Goldman Sachs published a research paper questioning the economic viability of generative AI, stating that there is “little to show for” the massive spending on generative AI infrastructure. The paper raises doubts about whether generative AI will live up to its hype and become a transformative technology. Despite these concerns, Goldman Sachs acknowledges the potential for continued investment and stock market gains. The paper also highlights the optimism surrounding AI, driving growth in stocks like Nvidia, but warns that stock gains are already factored in and may not materialize. The paper concludes that AI’s impact on corporate profitability will be critical. Goldman Sachs researchers express skepticism about the cost and transformative potential of generative AI, stating that the technology is unreliable and incapable of solving complex problems. The report compares the AI hype to other technologies like virtual reality and blockchain, which have yet to find widespread real-world applications. The skepticism surrounding generative AI extends beyond journalists and workers to financial institutions that have invested billions in the AI industry.

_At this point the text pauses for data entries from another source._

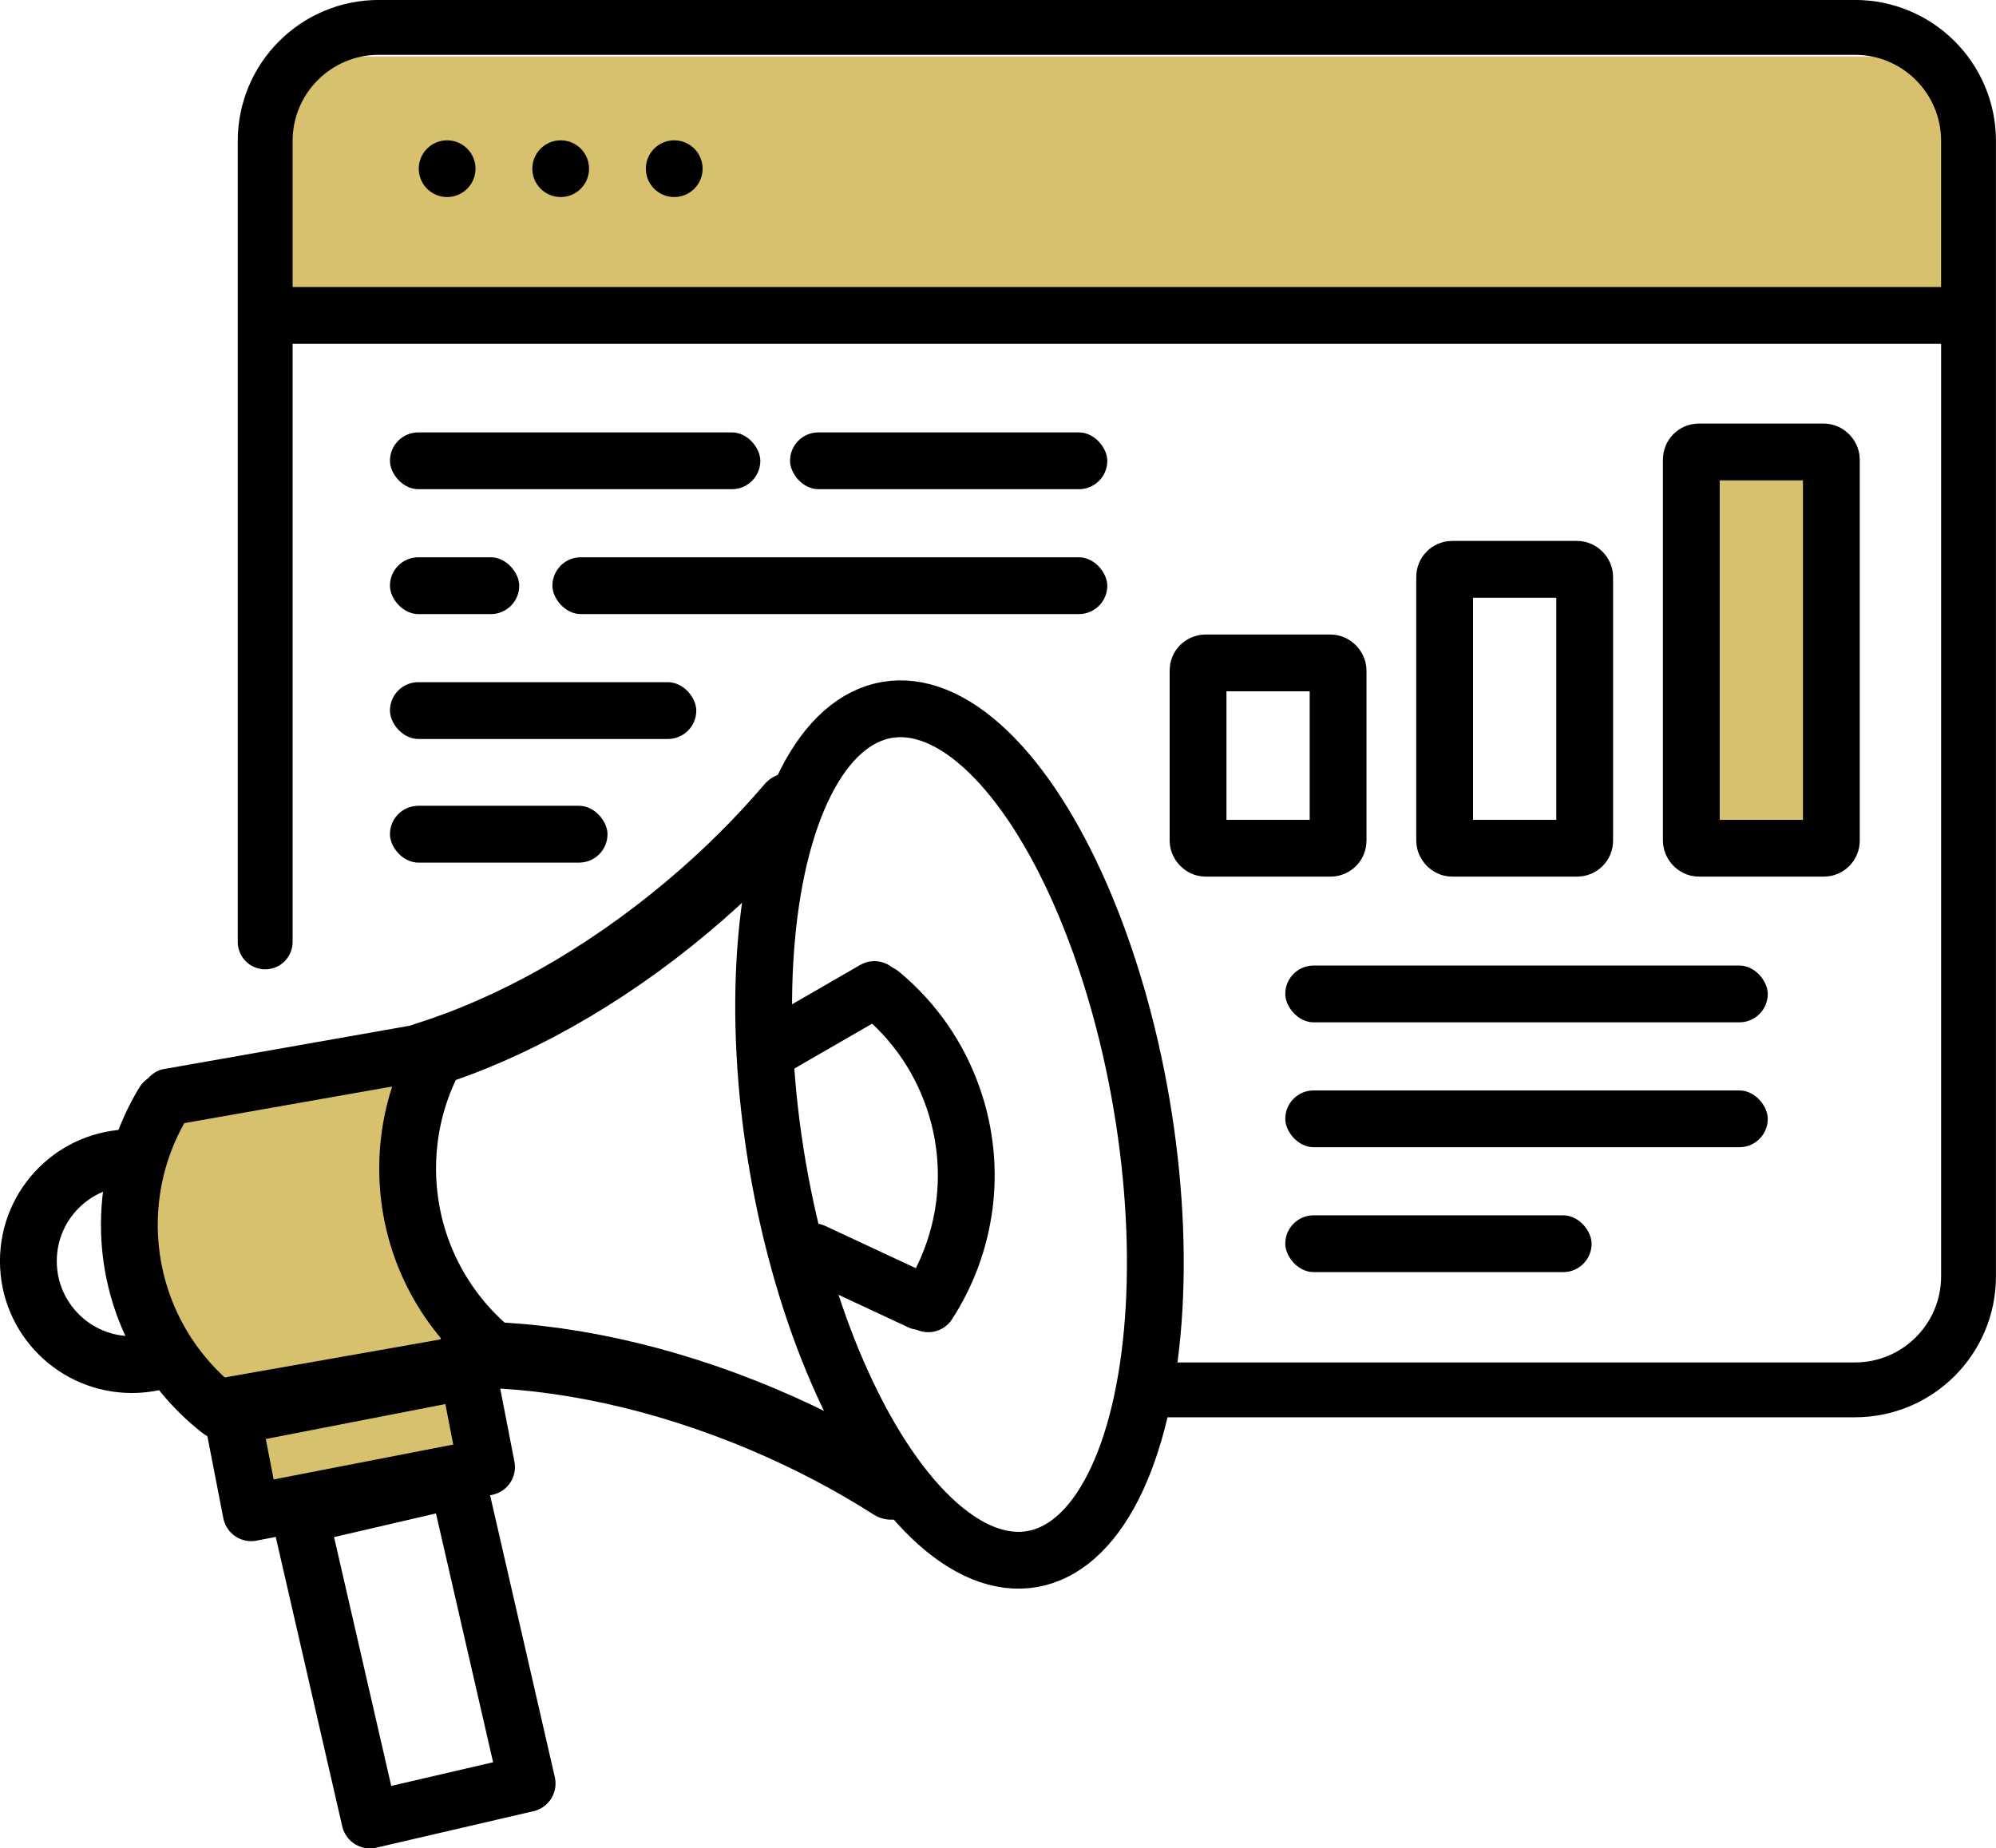 <?xml version="1.0" encoding="UTF-8"?>
<svg id="_レイヤー_1" data-name="レイヤー 1" xmlns="http://www.w3.org/2000/svg" viewBox="0 0 265.25 245.67">
  <defs>
    <style>
      .cls-1, .cls-2, .cls-3, .cls-4, .cls-5 {
        fill: none;
      }

      .cls-1, .cls-2, .cls-3, .cls-4, .cls-5, .cls-6, .cls-7 {
        stroke: #000;
      }

      .cls-1, .cls-2, .cls-3, .cls-6, .cls-7 {
        stroke-width: 7.55px;
      }

      .cls-1, .cls-2, .cls-4, .cls-5, .cls-6 {
        stroke-miterlimit: 10;
      }

      .cls-1, .cls-3, .cls-4, .cls-5, .cls-7 {
        stroke-linecap: round;
      }

      .cls-3, .cls-7 {
        stroke-linejoin: round;
      }

      .cls-4 {
        stroke-width: 8.79px;
      }

      .cls-8, .cls-6, .cls-7 {
        fill: #d7c16f;
      }

      .cls-5 {
        stroke-width: 7.29px;
      }
    </style>
  </defs>
  <rect class="cls-8" x="20.85" y="145.62" width="35.63" height="36.77" transform="translate(-27.89 9.21) rotate(-10)"/>
  <rect class="cls-8" x="36.9" y="7.51" width="223.49" height="33.01"/>
  <path class="cls-5" d="M35.24,125.19V18.73c0-8.33,6.76-15.09,15.09-15.09h196.18c8.33,0,15.09,6.76,15.09,15.09v150.91c0,8.33-6.76,15.09-15.09,15.09h-92.96"/>
  <rect x="35.11" y="38.15" width="226.36" height="7.55"/>
  <circle cx="59.42" cy="22.42" r="3.77"/>
  <circle cx="89.6" cy="22.42" r="3.77"/>
  <circle cx="74.51" cy="22.42" r="3.77"/>
  <ellipse class="cls-1" cx="127.52" cy="150.78" rx="24.53" ry="57.25" transform="translate(-23.55 23.6) rotate(-9.68)"/>
  <path class="cls-3" d="M21.75,146.49c-2.89,4.75-4.56,10.33-4.56,16.29,0,10.04,4.71,18.98,12.05,24.72"/>
  <path class="cls-3" d="M58.73,139.01c-2.89,4.75-4.56,10.33-4.56,16.29,0,10.04,4.71,18.98,12.05,24.72"/>
  <path class="cls-3" d="M22.1,180.59c-1.43.51-2.98.78-4.58.78-7.59,0-13.75-6.15-13.75-13.75s6.15-13.75,13.75-13.75"/>
  <path class="cls-3" d="M117.08,132.07c4.28,3.55,7.67,8.28,9.61,13.92,3.27,9.49,1.72,19.48-3.34,27.3"/>
  <rect x="105.8" y="123.92" width="7.55" height="22.87" rx="3.77" ry="3.77" transform="translate(172 -27.22) rotate(60)"/>
  <rect x="111.41" y="157.96" width="7.55" height="23.42" rx="3.77" ry="3.77" transform="translate(317.63 136.99) rotate(115)"/>
  <rect x="36.47" y="120.73" width="7.55" height="43.87" rx="3.77" ry="3.77" transform="translate(173.76 78.26) rotate(80)"/>
  <rect x="44.29" y="161.47" width="7.55" height="44.45" rx="3.77" ry="3.77" transform="translate(220.63 104.47) rotate(80)"/>
  <path class="cls-4" d="M56.5,140.27c11.32-3.53,23.51-10.22,34.83-19.72,5.08-4.26,9.64-8.8,13.6-13.45"/>
  <path class="cls-4" d="M62.43,180.03c11.86.07,25.47,2.9,39.08,8.67,6.11,2.59,11.79,5.6,16.94,8.89"/>
  <rect class="cls-7" x="31.85" y="185.11" width="31.86" height="13.03" transform="translate(-35.69 12.64) rotate(-11)"/>
  <polygon class="cls-3" points="70.05 237.05 49.16 241.9 39.87 201.47 60.77 196.62 70.05 237.05"/>
  <rect x="170.8" y="128.33" width="64.12" height="7.55" rx="3.77" ry="3.77"/>
  <rect x="170.8" y="144.93" width="64.12" height="7.55" rx="3.77" ry="3.77"/>
  <rect x="170.8" y="161.53" width="40.71" height="7.55" rx="3.77" ry="3.77"/>
  <rect class="cls-2" x="159.21" y="88.11" width="18.61" height="24.63" rx="1" ry="1"/>
  <rect class="cls-2" x="191.98" y="75.67" width="18.61" height="37.07" rx="1" ry="1"/>
  <rect class="cls-6" x="224.76" y="60.07" width="18.61" height="52.67" rx="1" ry="1"/>
  <rect x="51.82" y="57.47" width="49.22" height="7.55" rx="3.77" ry="3.77"/>
  <rect x="73.41" y="74.07" width="73.74" height="7.55" rx="3.77" ry="3.77"/>
  <rect x="51.82" y="90.67" width="40.71" height="7.55" rx="3.77" ry="3.77"/>
  <rect x="104.99" y="57.47" width="42.16" height="7.55" rx="3.77" ry="3.77"/>
  <rect x="51.82" y="74.07" width="17.18" height="7.55" rx="3.77" ry="3.77"/>
  <rect x="51.82" y="107.1" width="28.91" height="7.55" rx="3.77" ry="3.77"/>
</svg>

Nvidia’s AI chips may generate a lower expected increase in corporate revenues, casting doubt on the optimistic outlook for the AI revolution. Reports from Goldman Sachs, Barclays, and Sequoia Capital highlight the massive amount of capital being spent on AI infrastructure and the significant revenue companies will need to generate to justify these investments. The lack of revenue raises skepticism about the feasibility of AI’s potential. Unknowns such as cost savings, solving complex problems, and energy supply further complicate the outlook for AI’s growth.
And let’s add to that this: According to a study by Lucidworks, concerns over accuracy and cost are slowing down the adoption of generative AI in the enterprise. 44% of manufacturers are worried about the accuracy of GenAI output, leading to a more cautious approach and fewer AI investments compared to last year. The challenges of cost and accuracy are seen as fundamental to the business of AI and could potentially impact the industry’s growth.
Why do we care?
We’re rocketing into the depths of the pit of despair as it relates to AI, as reality of the costs of the technology and finding practical uses begins to become the priority. For IT service providers, this means focusing on sustainable investments, client education, and the development of reliable and cost-effective AI solutions. Guide clients in identifying practical use cases where generative AI can deliver tangible benefits. And remember, right now, data is the key preparation.